#


「お!お前、さっきの島から入ってきたんだろ?こっち来いよ!一緒に話そうぜ」
「そういや名前すら聞いてねえな。お前、なんていう奴なんだ?」


ちょっと気後れしながらも部屋を出て外に出たと思った、ら。
緑と白のストライプのシャツを着た太っちょの男の人と、やけに鼻の長いドレッドヘアの男の人に声をかけられた。他にも何人かが座り込んでいて手招きされる。


「な、なにしてるの」
「何って見りゃわかるだろ。」
「………駄弁ってるようにしか」
「その通りだ!」


口の端をにやりと引き上げて、彼らは頷いた。
そんなに堂々と言うことでもないと思いながら、私は彼らの方へ足を進める。顔と名前くらいは覚えないとなあ、なんて


「そんな威張って言うことではないと思うわ」
「まあそうかもしれないが、わざわざつまらなそうに言うことでもないだろ?」


そうかもしれないけどと呟くと、まあ座れと返された。その顔に浮かんでいたのはただの好奇心。新入りについてちょっぴり気になる、といった様子だろうか。
私はそれに逆らわず、彼らの輪に加わった。


「で、名前は?」
「武器は?」
「えっ、戦闘員なのか? 俺ァてっきり戦えねェとばかり…」
「いや俺は見たぜ。

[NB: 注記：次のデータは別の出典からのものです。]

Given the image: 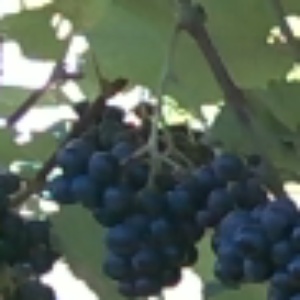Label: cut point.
Returning a JSON list of instances; mask_svg holds the SVG:
<instances>
[{
  "label": "cut point",
  "instance_id": "obj_1",
  "mask_svg": "<svg viewBox=\"0 0 300 300\" xmlns=\"http://www.w3.org/2000/svg\"><path fill=\"white\" fill-rule=\"evenodd\" d=\"M182 29V19L179 16L174 17V25L172 31L169 35V40L167 44V48L165 50L162 68L160 73L158 74V79L156 83L155 89V109L153 114V119L150 124L152 129L159 130L163 123V110H162V97L164 93L165 81L170 73L171 61L173 57V52L175 50V45L177 43L178 35L180 34V30Z\"/></svg>",
  "mask_w": 300,
  "mask_h": 300
}]
</instances>

1番最初、でっけえ木の上から銃でお頭を狙ってたよな?」
「おっ、銃か!いいねえ、今度腕前を見せてもらいてェなあ」


勝手にがやがやと話し出して、喋る隙が見つからない。
そのうち人が集まってきて、最初は5人くらいだったのが、少し経つと20人近くの大所帯へと変わっていた。
それぞれが勝手に喋って勝手に騒いでいて、隣の人の声も聴こえないくらい。


「お!なんだお前等、なに騒いでんだ?」
「お頭!」
「あ、。お前もうこいつらと馴染んでンのか。今日の夕飯ンときにでも紹介するつもりだったが、手間が省けたな」


甲板でがやがやと騒がしかったためか、船の中でも1番高い位置の部屋である、船長室から赤髪が顔を出した。そしてそのまま柵を乗り越えて、飛び降りてきた。
いつも被っている帽子が飛んでいきそうになったけれど、赤髪は危なげなく右手で押さえて着地した。

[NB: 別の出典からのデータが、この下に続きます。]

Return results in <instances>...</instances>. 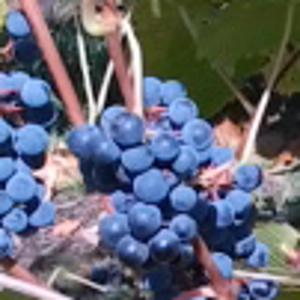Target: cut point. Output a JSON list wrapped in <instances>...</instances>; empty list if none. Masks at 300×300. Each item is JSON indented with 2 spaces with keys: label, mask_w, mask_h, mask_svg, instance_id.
<instances>
[{
  "label": "cut point",
  "mask_w": 300,
  "mask_h": 300,
  "mask_svg": "<svg viewBox=\"0 0 300 300\" xmlns=\"http://www.w3.org/2000/svg\"><path fill=\"white\" fill-rule=\"evenodd\" d=\"M119 31L122 32L127 40L129 41L131 52H132V61H133V91H132V100L135 105L134 111L136 113H142L144 108L143 98L141 96L142 90V77H143V64L141 57V47L139 39L134 32V30L126 23L120 21Z\"/></svg>",
  "instance_id": "1"
}]
</instances>

「俺が世界中回って集めた仲間だ。まァ見てのとおりバカばっかりだが楽しい奴等だ。お前もきっと気に入るぞ」
「ぶはっはっは違いねェ!」
「お頭ァ、バカはひでェっすよ!」
「あァ?実際バカばっかじゃねーか」


騒がしい笑いと言い合いが目の前で繰り返される。
考えたことも無かった。私がこんな場所にいるなんて。夢に見ることすら拒んでいた。私が誰かに、無条件に受け入れられる日がくるなんて。

しばらく唖然としていたけれど、次第にこみあげてきたのは、笑い。何年ぶりかの笑い。押さえるのなんて初めてだ。どうしよう止まらない。


「ふ、っ」


くつくつとこみ上げてくる笑いを隠すこともできず、思わず声に出た。これだけ周りが騒がしければだれも気にしないだろう。

笑ったり話したり呆れたり、その日はとにかく騒がしい日だった。
こんなにたくさんの人に囲まれたことなんてなかった。解いたことのなかった警戒が、必要ないと感じてしまった。
たくさんの人の中心で笑う赤髪に、頼ってもいいと思ってしまった。


おいしい食事に楽しい会話。
初めてづくしの一日に興奮は冷めず、みんなが寝静まった夜、一人でぼんやり月を見上げた。